Mixed marriages - JW/non-JW - what makes you stay?

by Nickolas 43 Replies latest jw friends

  • Nickolas
    Nickolas

    thanks for pointing out the differences between self medication, problem drinking and alcoholism. But I am already aware of this, however a witness may not and I was commenting from that point of view but I was not clear.

    You're welcome, Curtains, but I was more interested in demonstrating to you that I know the difference.

    I married a nice Anglican girl and converted her. She took to it like a duck to water and has turned into a JW predator.

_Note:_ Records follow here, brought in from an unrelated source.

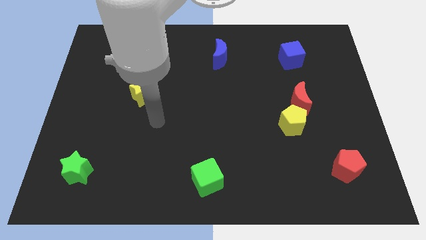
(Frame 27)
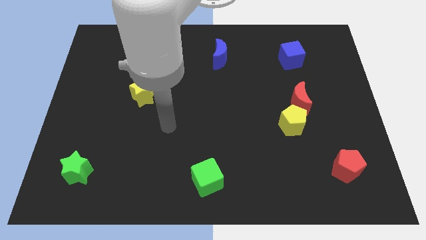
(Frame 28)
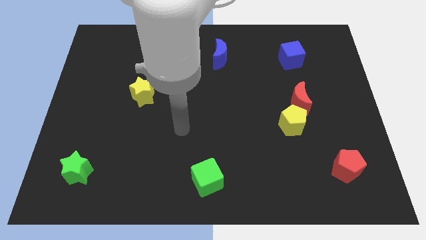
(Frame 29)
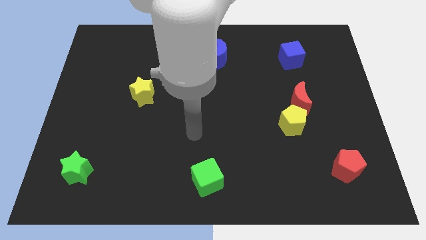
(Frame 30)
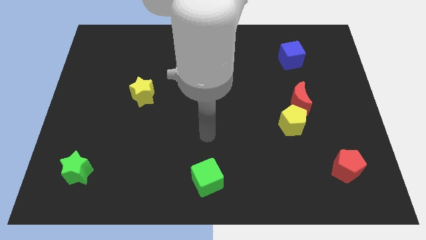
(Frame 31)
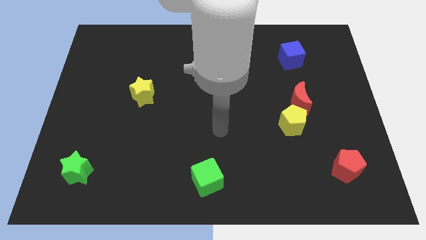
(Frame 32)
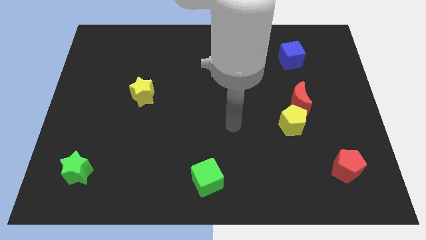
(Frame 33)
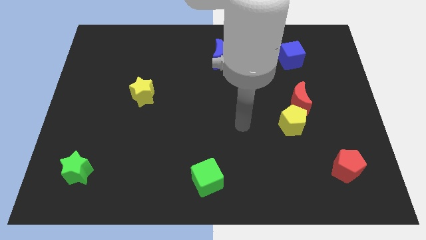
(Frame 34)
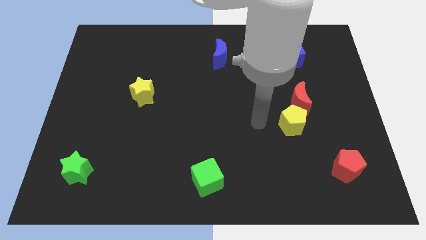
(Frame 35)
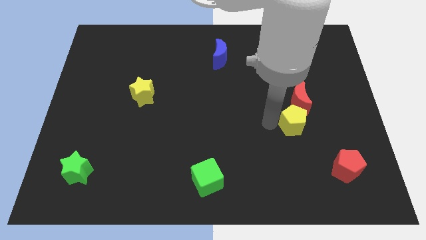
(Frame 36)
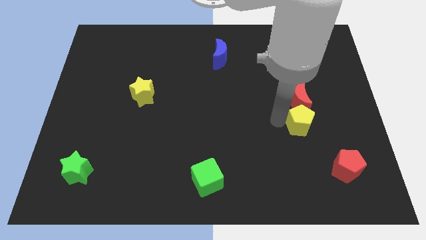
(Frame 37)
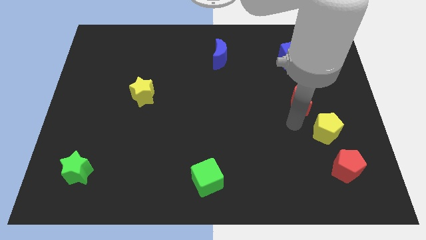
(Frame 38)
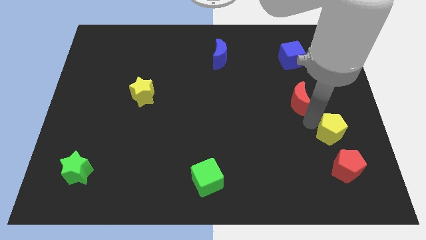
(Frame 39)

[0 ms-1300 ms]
move the red moon away from the yellow pentagon

    I hadn't realised until now, Black Sheep, how similar our stories are. The only difference is that you were a born-in. I, too, married a nice Anglican girl - we even did the service in the Anglican church, performed by the same Anglican minister who baptised her as an infant. Her brother discovered The Truth in early 1974. He had been such a hopeless reprobate before that I was genuinely astonished by his transformation and decided it was worth my while learning what it was all about. My wife wanted nothing to do with it. I started studying, going to meetings and assemblies while my wife held back. By late the following year, 1975, she's studying too. The light came on for me in 1976, before I got baptised but after the failed prophesy that everyone these days seems to deny ever happened. But by then she was hooked. We have a child by now, debts and responsibilities. We start to have minor arguments about the Watchtower and by late 1977 she tells me she wants to get baptised. I say no, she does it anyway, and it has been a malaise in our marriage ever since. I can't improve on your words. I want her back. I'm trying to find her. I catch a glimpse of her now and again.

  • Nickolas
    Nickolas

    before I got baptised

    clarification, before I could decide to get baptised. It never happened. Ours is not an apostate situation.

  • alias
    alias

    I choose to be where I am. Every relationships has its pros/cons and all have the meshing/sharing of two seperate lives/wills. In this case, it works for both of us.

    alias

  • Nickolas
    Nickolas

    Thank you, alias. I agree completely, so long as the partners in a relationship respect one another's differences and make accomodations for them it will work out. It is only when there is an irreconcilable issue at play that things become more complicated.